HNW - Re: Quilts and Coverlets

Larsdatter, Karen Karen at stierbach.atlantia.sca.org
Thu Apr 30 12:59:52 PDT 1998


I found another picture of medieval embroidered bed-linens.  (For 
those of you playing along at home, turn to page 57 of "Chronicles of 
the Age of Chivalry: The Plantagenet Dynasty from the Magna Carta to 
the Black Death," edited by Elizabeth Hallam.  Copyright 1995 CLB 
Publishing, ISBN 0-517-14080-2.)

There is a picture on this page, captioned as follows:  "Drawn thread 
work decorates this noble's bed, underneath the woolen coverlet."  It 
is in fact from a 14th century French manuscript at the Bibliotheque 
Ste.
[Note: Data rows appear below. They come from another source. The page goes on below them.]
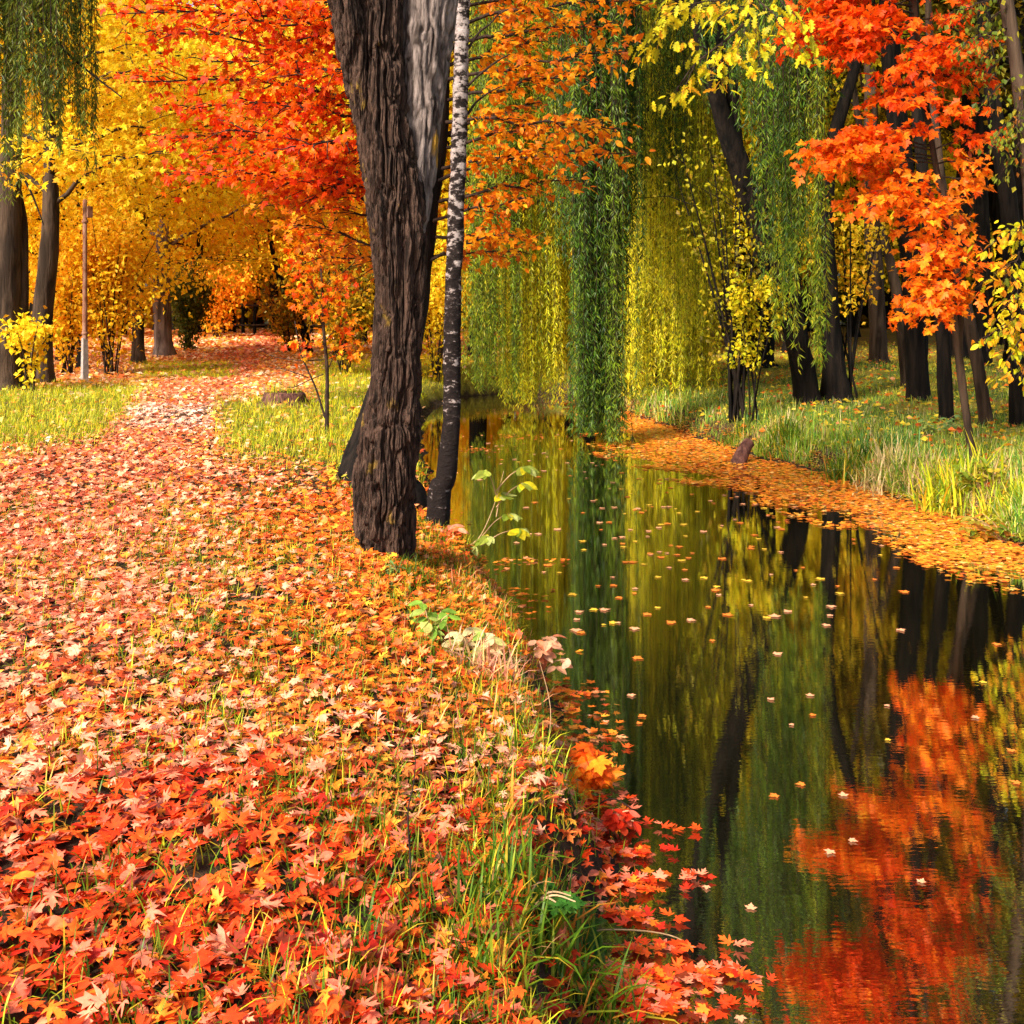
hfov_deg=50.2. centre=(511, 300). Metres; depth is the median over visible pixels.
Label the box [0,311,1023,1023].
ground
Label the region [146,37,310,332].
maple tree
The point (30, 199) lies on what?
maple tree
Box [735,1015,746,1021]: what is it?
floating leaf
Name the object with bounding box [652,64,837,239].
tree
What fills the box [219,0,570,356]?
tree
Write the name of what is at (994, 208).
tree
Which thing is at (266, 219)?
maple tree
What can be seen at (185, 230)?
maple tree
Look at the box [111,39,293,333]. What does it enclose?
maple tree
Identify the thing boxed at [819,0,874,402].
tree
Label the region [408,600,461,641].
plant
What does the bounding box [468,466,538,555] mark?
seedling
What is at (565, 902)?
plant
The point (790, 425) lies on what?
grass clump
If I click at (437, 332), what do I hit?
tree
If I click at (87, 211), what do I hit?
post
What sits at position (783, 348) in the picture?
tree
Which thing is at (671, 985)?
shore leaves
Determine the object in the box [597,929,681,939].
stalk
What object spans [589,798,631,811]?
twig
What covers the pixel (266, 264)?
maple tree
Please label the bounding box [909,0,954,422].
tree
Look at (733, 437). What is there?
grass clump
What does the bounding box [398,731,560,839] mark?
grass clump
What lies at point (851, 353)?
shrub
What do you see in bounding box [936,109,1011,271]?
tree
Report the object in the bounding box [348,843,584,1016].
grass clump
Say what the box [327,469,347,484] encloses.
plant
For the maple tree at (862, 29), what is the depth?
12.31 m
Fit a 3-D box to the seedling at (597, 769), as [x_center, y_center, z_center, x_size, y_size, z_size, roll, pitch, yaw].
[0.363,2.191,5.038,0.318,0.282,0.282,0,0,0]
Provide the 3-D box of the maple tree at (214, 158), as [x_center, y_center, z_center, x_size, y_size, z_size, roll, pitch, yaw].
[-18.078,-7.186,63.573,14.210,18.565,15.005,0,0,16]
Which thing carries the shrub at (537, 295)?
on the ground at (428, 403)
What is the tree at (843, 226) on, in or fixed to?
on the ground at (428, 403)
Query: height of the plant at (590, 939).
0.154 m
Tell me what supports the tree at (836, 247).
on the ground at (428, 403)
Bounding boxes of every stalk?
[539,661,550,743]
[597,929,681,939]
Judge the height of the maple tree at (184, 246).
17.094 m
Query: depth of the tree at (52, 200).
20.81 m
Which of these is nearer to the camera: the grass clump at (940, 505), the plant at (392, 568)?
the plant at (392, 568)
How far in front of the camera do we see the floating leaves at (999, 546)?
12.67 m
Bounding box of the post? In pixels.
[81,199,92,382]
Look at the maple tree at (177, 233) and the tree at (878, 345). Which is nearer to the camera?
the tree at (878, 345)
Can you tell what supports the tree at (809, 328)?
on the ground at (428, 403)
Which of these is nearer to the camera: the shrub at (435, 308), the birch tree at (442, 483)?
the birch tree at (442, 483)
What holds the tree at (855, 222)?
on the ground at (428, 403)
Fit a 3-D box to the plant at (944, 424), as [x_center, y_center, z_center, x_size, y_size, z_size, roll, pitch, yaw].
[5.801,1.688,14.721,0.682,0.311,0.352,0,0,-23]
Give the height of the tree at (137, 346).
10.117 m
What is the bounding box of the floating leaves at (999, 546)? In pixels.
[545,398,1023,590]
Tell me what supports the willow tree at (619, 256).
on the ground at (428, 403)
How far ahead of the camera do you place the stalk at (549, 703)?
4.90 m
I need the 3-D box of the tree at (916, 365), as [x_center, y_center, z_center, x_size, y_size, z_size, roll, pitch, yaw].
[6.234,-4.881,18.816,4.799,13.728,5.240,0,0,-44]
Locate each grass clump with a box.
[328,735,536,920]
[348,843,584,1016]
[389,550,451,592]
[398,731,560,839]
[421,754,683,1023]
[443,618,557,706]
[450,695,623,872]
[708,408,761,446]
[752,412,819,462]
[790,422,896,484]
[842,433,932,497]
[847,424,929,454]
[881,430,1011,518]
[939,463,1023,536]
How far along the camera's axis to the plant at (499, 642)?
5.63 m
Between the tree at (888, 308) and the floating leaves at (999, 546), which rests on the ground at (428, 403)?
the tree at (888, 308)
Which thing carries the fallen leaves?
on the ground at (428, 403)
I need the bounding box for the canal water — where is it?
[421,393,1023,1023]
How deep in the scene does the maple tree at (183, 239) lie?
56.21 m
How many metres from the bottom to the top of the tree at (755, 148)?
18.819 m
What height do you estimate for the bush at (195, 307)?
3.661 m
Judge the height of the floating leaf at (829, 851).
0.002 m
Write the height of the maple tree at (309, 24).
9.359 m
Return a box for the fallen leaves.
[0,328,620,1023]
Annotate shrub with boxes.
[0,305,68,390]
[28,217,110,375]
[36,175,191,374]
[170,247,267,337]
[257,278,318,351]
[258,239,374,373]
[420,211,476,381]
[487,214,574,362]
[621,222,722,380]
[631,115,837,422]
[718,270,793,424]
[780,178,897,399]
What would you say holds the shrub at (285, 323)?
on the ground at (428, 403)
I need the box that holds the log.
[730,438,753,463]
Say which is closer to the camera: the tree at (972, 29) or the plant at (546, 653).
the plant at (546, 653)
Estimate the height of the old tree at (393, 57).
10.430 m
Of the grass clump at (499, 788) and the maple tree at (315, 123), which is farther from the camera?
the maple tree at (315, 123)
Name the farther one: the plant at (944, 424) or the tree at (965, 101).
the tree at (965, 101)
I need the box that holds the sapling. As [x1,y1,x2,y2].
[260,199,371,429]
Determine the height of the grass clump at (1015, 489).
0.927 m
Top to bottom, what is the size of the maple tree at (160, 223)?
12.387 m
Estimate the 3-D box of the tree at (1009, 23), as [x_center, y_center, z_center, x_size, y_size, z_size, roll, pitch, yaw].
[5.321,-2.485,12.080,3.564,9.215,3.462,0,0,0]
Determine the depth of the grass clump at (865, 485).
13.16 m
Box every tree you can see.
[0,0,121,390]
[0,0,184,284]
[0,0,239,383]
[0,0,244,360]
[0,0,282,368]
[22,0,318,363]
[22,37,192,300]
[28,18,244,334]
[28,32,245,331]
[29,52,191,322]
[34,10,342,356]
[85,20,227,329]
[95,0,656,510]
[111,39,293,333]
[144,0,497,354]
[145,85,280,283]
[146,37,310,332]
[170,6,508,281]
[195,28,354,333]
[203,20,259,321]
[207,177,326,352]
[212,70,372,318]
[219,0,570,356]
[227,25,451,341]
[243,17,507,333]
[254,1,722,337]
[327,0,457,566]
[348,93,507,339]
[425,0,509,527]
[436,2,761,352]
[452,0,893,353]
[461,0,891,446]
[512,6,832,285]
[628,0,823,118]
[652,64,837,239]
[653,0,965,353]
[667,20,924,341]
[716,34,954,331]
[718,3,778,368]
[734,76,1009,336]
[751,170,892,280]
[764,0,1022,359]
[765,0,1006,460]
[806,11,1012,304]
[810,2,948,387]
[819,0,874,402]
[826,0,908,362]
[829,9,1012,344]
[831,0,1023,361]
[836,109,1005,329]
[842,59,1008,286]
[857,0,1009,109]
[858,0,1023,124]
[876,0,1023,366]
[879,0,931,401]
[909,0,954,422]
[925,0,994,425]
[932,0,1023,396]
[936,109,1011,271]
[977,0,1023,428]
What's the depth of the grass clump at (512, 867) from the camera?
3.52 m
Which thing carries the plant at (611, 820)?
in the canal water
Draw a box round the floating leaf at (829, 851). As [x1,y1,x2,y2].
[825,848,834,853]
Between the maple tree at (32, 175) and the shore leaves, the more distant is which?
the maple tree at (32, 175)
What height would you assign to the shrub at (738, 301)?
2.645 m
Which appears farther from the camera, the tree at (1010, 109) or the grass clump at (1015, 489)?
the tree at (1010, 109)
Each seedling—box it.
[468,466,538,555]
[563,742,625,801]
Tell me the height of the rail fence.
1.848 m
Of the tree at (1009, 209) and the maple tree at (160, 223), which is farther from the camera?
the maple tree at (160, 223)
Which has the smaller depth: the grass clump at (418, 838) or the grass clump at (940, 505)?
the grass clump at (418, 838)
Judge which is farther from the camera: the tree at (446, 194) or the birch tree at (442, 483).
the tree at (446, 194)
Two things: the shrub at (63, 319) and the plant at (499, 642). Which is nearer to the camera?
the plant at (499, 642)
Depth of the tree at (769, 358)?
26.73 m
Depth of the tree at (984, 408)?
15.54 m
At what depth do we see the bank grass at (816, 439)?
15.78 m
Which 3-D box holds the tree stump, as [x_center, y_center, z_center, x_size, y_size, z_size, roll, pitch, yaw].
[-3.550,1.441,16.776,1.159,0.528,1.065,0,0,0]
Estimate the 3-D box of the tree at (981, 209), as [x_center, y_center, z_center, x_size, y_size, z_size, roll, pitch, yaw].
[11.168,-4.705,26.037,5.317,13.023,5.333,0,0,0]
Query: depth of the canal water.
6.10 m
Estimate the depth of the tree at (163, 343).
31.83 m
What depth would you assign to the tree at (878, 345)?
27.33 m
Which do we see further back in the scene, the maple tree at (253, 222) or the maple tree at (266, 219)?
the maple tree at (266, 219)
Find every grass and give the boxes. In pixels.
[524,341,1023,541]
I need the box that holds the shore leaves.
[427,434,778,1021]
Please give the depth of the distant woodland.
63.66 m
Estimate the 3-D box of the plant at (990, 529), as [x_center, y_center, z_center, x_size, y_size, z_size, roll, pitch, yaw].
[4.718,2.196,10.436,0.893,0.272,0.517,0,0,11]
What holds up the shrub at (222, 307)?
on the ground at (428, 403)
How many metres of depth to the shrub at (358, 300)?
23.76 m
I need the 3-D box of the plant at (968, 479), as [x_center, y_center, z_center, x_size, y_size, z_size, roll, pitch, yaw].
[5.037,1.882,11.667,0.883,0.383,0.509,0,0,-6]
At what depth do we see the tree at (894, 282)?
20.94 m
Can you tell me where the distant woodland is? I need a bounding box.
[29,0,1012,329]
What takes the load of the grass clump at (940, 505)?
on the ground at (428, 403)
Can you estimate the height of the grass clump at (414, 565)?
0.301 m
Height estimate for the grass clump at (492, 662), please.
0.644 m
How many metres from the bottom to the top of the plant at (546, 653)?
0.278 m
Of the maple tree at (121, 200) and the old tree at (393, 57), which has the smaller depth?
the old tree at (393, 57)
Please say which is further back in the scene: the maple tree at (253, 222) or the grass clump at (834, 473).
the maple tree at (253, 222)
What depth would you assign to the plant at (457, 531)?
8.63 m
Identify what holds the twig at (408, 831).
on the ground at (428, 403)
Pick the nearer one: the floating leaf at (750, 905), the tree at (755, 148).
the floating leaf at (750, 905)
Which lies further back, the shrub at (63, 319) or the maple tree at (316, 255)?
the maple tree at (316, 255)
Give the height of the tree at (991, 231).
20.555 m
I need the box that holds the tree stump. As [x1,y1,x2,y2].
[248,378,315,406]
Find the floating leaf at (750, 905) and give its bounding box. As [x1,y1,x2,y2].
[745,903,756,909]
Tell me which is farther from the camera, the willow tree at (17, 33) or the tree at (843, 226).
the tree at (843, 226)
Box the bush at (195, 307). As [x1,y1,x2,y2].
[170,248,225,349]
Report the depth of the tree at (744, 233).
39.79 m
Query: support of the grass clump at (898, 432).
on the ground at (428, 403)
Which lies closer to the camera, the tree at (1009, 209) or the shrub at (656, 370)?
the tree at (1009, 209)
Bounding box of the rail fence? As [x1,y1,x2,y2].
[203,302,330,333]
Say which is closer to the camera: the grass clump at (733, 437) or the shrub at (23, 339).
the grass clump at (733, 437)
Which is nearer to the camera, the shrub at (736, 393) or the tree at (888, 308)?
the shrub at (736, 393)
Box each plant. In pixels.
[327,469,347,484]
[381,560,405,575]
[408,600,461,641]
[435,524,468,540]
[442,627,506,665]
[477,873,587,918]
[525,634,572,678]
[569,908,607,958]
[584,808,642,835]
[915,414,961,433]
[951,456,1019,491]
[956,513,1023,541]
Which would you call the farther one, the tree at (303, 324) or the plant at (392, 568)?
the tree at (303, 324)
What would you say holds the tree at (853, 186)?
on the ground at (428, 403)
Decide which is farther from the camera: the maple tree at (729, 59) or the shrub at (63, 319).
the shrub at (63, 319)
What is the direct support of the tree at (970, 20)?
on the ground at (428, 403)
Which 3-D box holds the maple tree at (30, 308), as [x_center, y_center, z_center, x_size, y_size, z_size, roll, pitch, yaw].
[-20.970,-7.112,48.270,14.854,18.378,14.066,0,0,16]
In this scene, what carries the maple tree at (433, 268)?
on the ground at (428, 403)
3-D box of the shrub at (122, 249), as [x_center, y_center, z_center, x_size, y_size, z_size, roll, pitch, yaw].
[-8.658,-0.402,23.521,3.200,4.323,3.406,0,0,43]
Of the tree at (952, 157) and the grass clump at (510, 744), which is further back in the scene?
the tree at (952, 157)
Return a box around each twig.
[407,757,415,899]
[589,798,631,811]
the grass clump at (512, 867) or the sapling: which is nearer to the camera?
the grass clump at (512, 867)

Geneviève in Paris, entitled "Le Roman des Trois Pélerinages," 
by Guillaume de Digulleville, and depicts Chastity and Poverty making 
a bed for hope.

The embroidery (it looks a lot like blackwork, actually) features 
quatrefoils within diamonds along bands that go across the width of 
the bed and on either end of the pillow.  I have absolutely no clue 
how this particular drawn thread work would be done if it were 
indeed drawn thread work to the general scale of the rest of the 
illumination (the bands are about as wide as the faces of the two 
human figures).

The text on this page reads (in part):

- ---

Even grand 14th-century homes were sparsely furnished by modern 
standards, but people were coming to expect a higher level of 
domestic comfort.  Glass windows were an expensive luxury, but they 
were increasingly common by the end of the century; and hangings, 
carpets and other furnishings are frequently mentioned in household 
accounts.

Social activity in the household was no longer centred on the great 
hall.  The lord, his lady and their family lived in the upstairs 
bedchamber, where they slept, received visitors and took occasional 
meals.  The hall was reserved for special festivities, when the 
tables were spread with linen damask tablecloths ...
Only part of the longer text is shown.